- Collected data entries
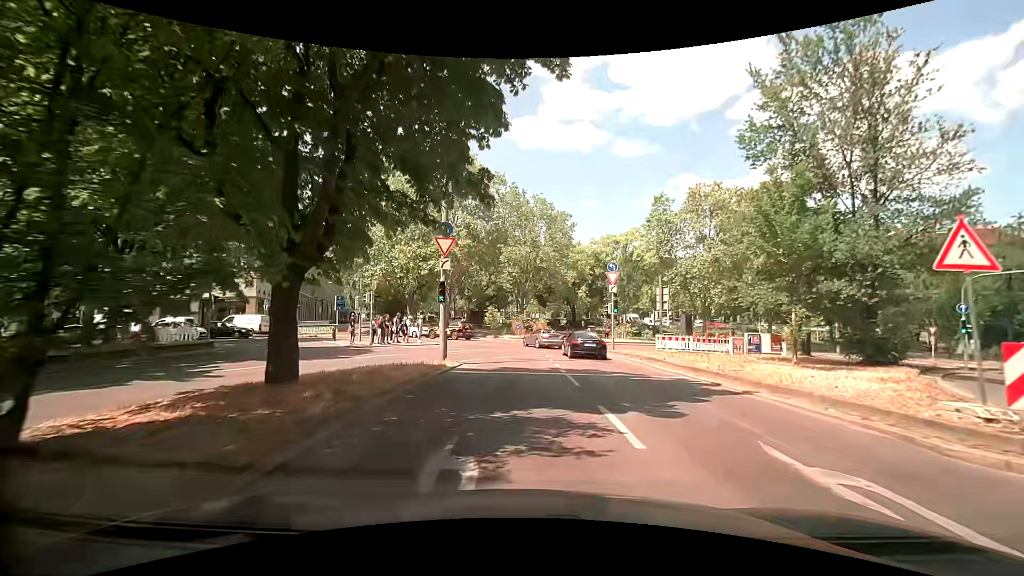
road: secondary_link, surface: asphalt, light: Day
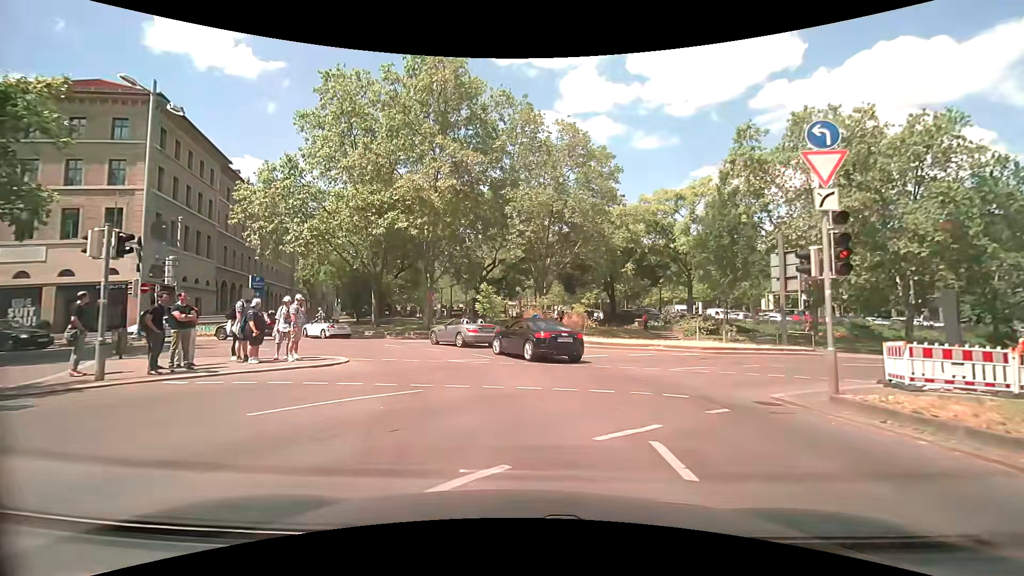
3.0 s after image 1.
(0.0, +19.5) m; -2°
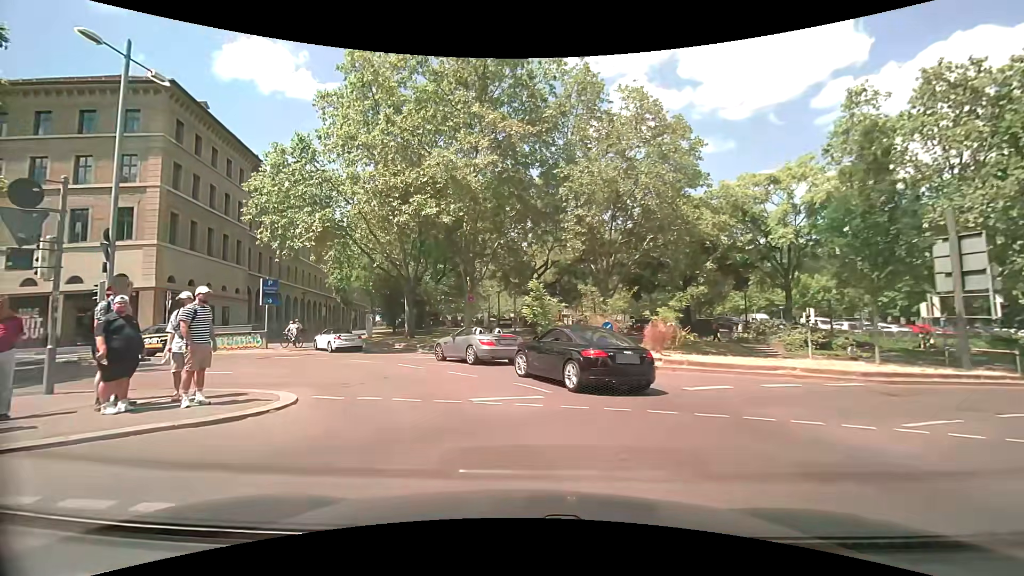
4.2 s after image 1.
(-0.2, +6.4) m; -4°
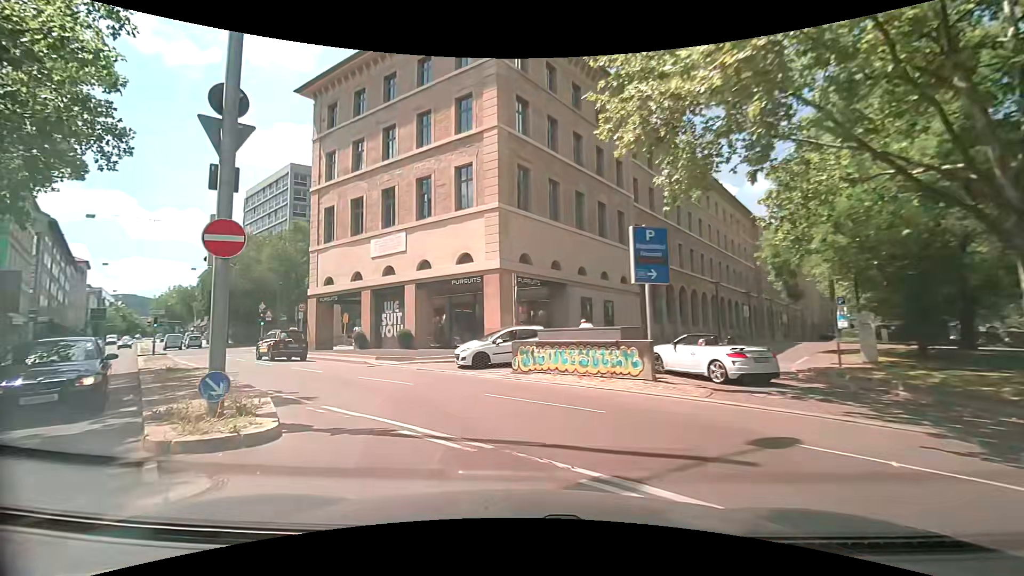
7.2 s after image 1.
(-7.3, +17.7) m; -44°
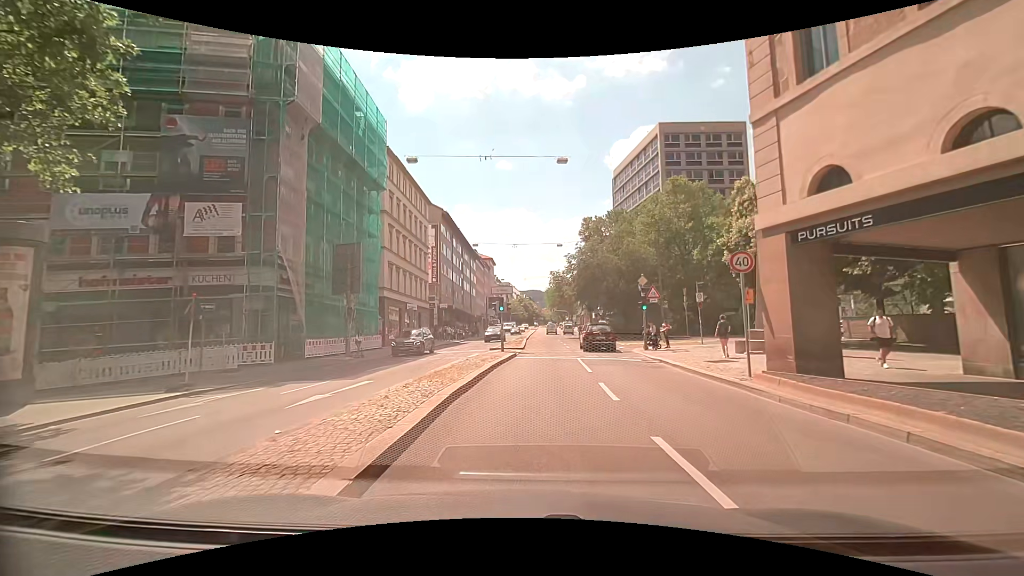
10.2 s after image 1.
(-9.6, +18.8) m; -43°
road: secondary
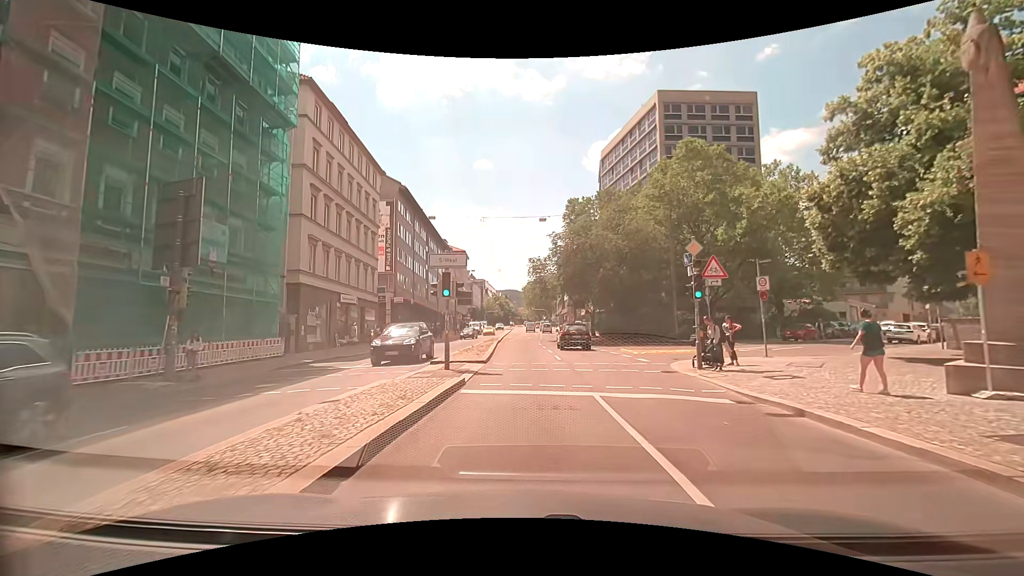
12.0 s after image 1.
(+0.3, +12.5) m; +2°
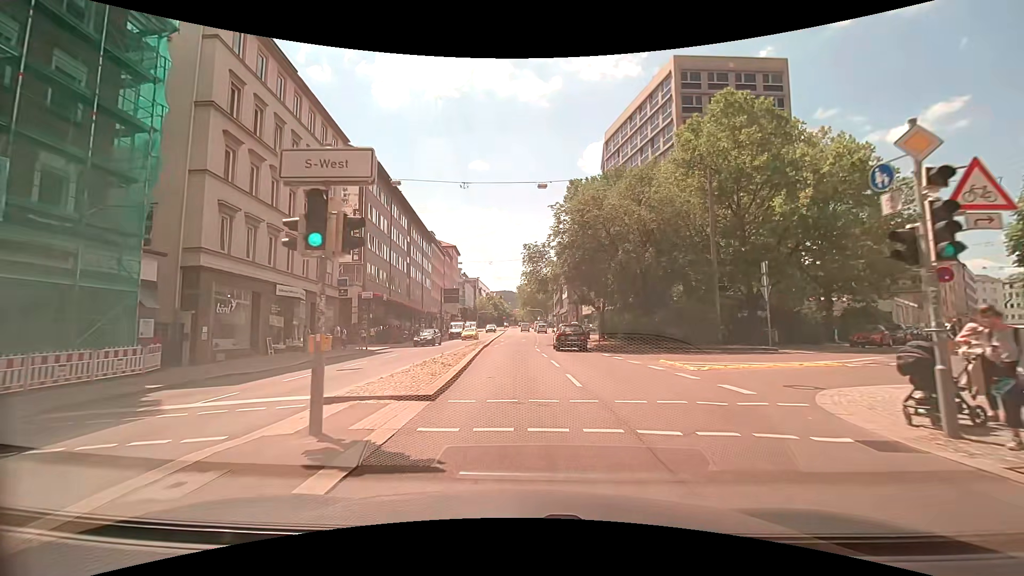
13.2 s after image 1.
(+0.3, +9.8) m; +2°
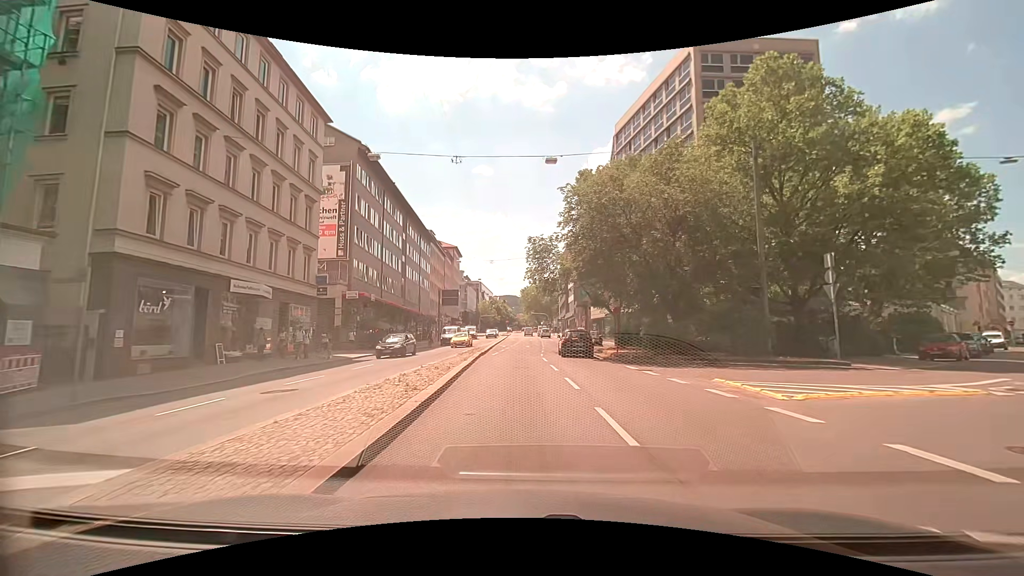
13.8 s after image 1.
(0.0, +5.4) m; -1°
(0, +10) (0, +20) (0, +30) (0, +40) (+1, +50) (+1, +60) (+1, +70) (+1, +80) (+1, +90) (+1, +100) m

- TASK TO COMPLETE
All of the entries must be reproduced exactly, apart from the pictures, which are to be dropped.

- WRITTEN RESPONSE
road: secondary_link, surface: asphalt, light: Day
3.0 s after image 1.
(0.0, +19.5) m; -2°
4.2 s after image 1.
(-0.2, +6.4) m; -4°
7.2 s after image 1.
(-7.3, +17.7) m; -44°
10.2 s after image 1.
(-9.6, +18.8) m; -43°
road: secondary
12.0 s after image 1.
(+0.3, +12.5) m; +2°
13.2 s after image 1.
(+0.3, +9.8) m; +2°
13.8 s after image 1.
(0.0, +5.4) m; -1°
(0, +10) (0, +20) (0, +30) (0, +40) (+1, +50) (+1, +60) (+1, +70) (+1, +80) (+1, +90) (+1, +100) m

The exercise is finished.